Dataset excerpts
####################
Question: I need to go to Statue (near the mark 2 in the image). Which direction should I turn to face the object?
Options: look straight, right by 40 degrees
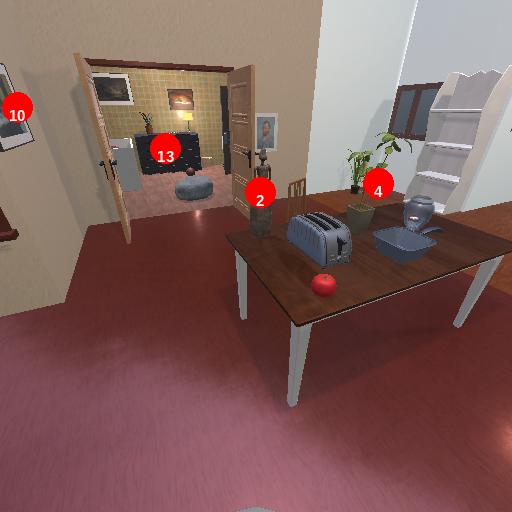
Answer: look straight
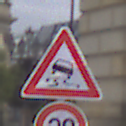
Verkehrszeichen: SchleuderOderRutschgefahr
Zusatzzeichen unten: Geschwindigkeit20
Umgebung: Outdoor, Urban
Tageszeit: Midday
Wetter: Overcast
Licht: Natural
Jahreszeit: NotSpecified
Kontrast: LowContrast
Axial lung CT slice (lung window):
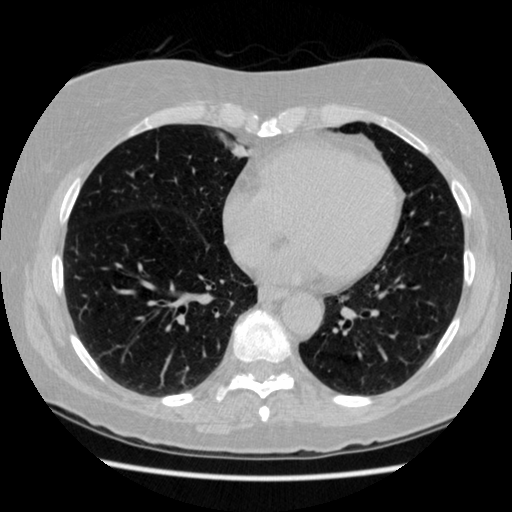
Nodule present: no
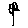
Label: flower
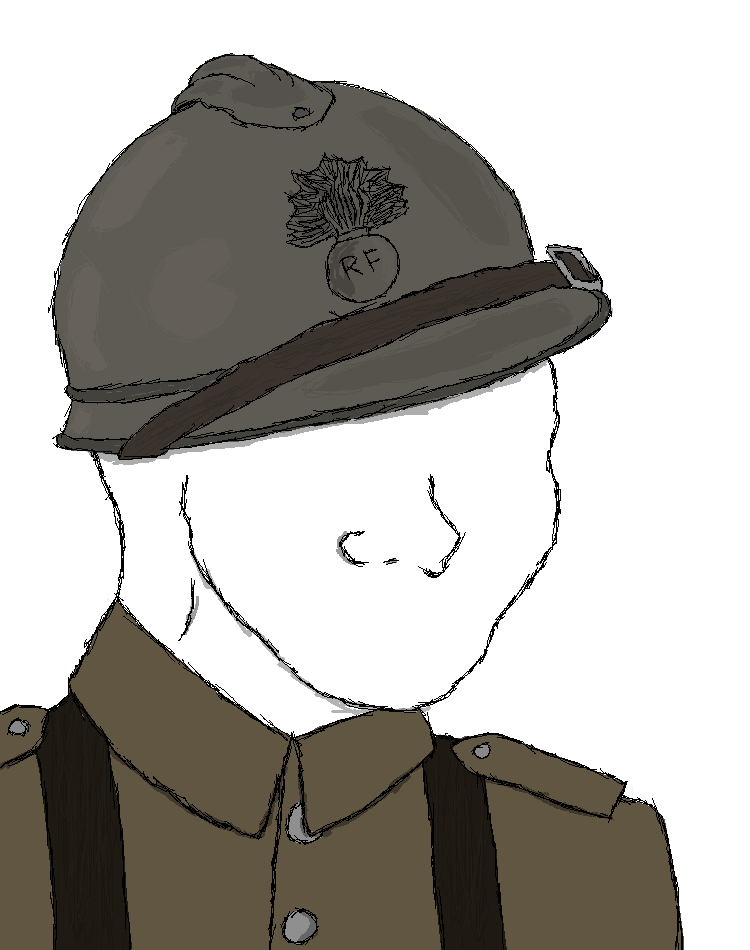
Label: 5_Doomer
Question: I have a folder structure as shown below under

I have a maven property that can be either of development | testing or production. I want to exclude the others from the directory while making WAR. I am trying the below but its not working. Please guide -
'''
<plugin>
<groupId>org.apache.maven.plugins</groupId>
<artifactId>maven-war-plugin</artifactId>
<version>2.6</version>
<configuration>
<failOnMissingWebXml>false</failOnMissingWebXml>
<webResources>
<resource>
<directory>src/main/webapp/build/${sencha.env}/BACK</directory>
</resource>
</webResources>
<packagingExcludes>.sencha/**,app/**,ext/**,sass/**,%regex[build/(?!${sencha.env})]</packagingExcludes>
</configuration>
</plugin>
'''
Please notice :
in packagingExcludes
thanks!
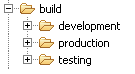
Answer: You are very close; you need to have '%regex[build/(?!${sencha.env}/).*]'. Notice the '.*' which means that you are excluding every path below 'build/(?!${sencha.env}/'.
'''
<plugin>
<groupId>org.apache.maven.plugins</groupId>
<artifactId>maven-war-plugin</artifactId>
<version>2.6</version>
<configuration>
<failOnMissingWebXml>false</failOnMissingWebXml>
<webResources>
<resource>
<directory>src/main/webapp/build/${sencha.env}/BACK</directory>
</resource>
</webResources>
<packagingExcludes>.sencha/**,app/**,ext/**,sass/**,%regex[build/(?!${sencha.env}/).*]</packagingExcludes>
</configuration>
</plugin>
'''
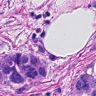
Metastatic tissue present: yes
####################
Write the records out again in full, exactly, and skip every picture.

## Expected output:
Question: I need to go to Statue (near the mark 2 in the image). Which direction should I turn to face the object?
Options: look straight, right by 40 degrees
Answer: look straight
Verkehrszeichen: SchleuderOderRutschgefahr
Zusatzzeichen unten: Geschwindigkeit20
Umgebung: Outdoor, Urban
Tageszeit: Midday
Wetter: Overcast
Licht: Natural
Jahreszeit: NotSpecified
Kontrast: LowContrast
Axial lung CT slice (lung window):
Nodule present: no
Label: flower
Label: 5_Doomer
Question: I have a folder structure as shown below under

I have a maven property that can be either of development | testing or production. I want to exclude the others from the directory while making WAR. I am trying the below but its not working. Please guide -
'''
<plugin>
<groupId>org.apache.maven.plugins</groupId>
<artifactId>maven-war-plugin</artifactId>
<version>2.6</version>
<configuration>
<failOnMissingWebXml>false</failOnMissingWebXml>
<webResources>
<resource>
<directory>src/main/webapp/build/${sencha.env}/BACK</directory>
</resource>
</webResources>
<packagingExcludes>.sencha/**,app/**,ext/**,sass/**,%regex[build/(?!${sencha.env})]</packagingExcludes>
</configuration>
</plugin>
'''
Please notice :
in packagingExcludes
thanks!
Answer: You are very close; you need to have '%regex[build/(?!${sencha.env}/).*]'. Notice the '.*' which means that you are excluding every path below 'build/(?!${sencha.env}/'.
'''
<plugin>
<groupId>org.apache.maven.plugins</groupId>
<artifactId>maven-war-plugin</artifactId>
<version>2.6</version>
<configuration>
<failOnMissingWebXml>false</failOnMissingWebXml>
<webResources>
<resource>
<directory>src/main/webapp/build/${sencha.env}/BACK</directory>
</resource>
</webResources>
<packagingExcludes>.sencha/**,app/**,ext/**,sass/**,%regex[build/(?!${sencha.env}/).*]</packagingExcludes>
</configuration>
</plugin>
'''
Metastatic tissue present: yes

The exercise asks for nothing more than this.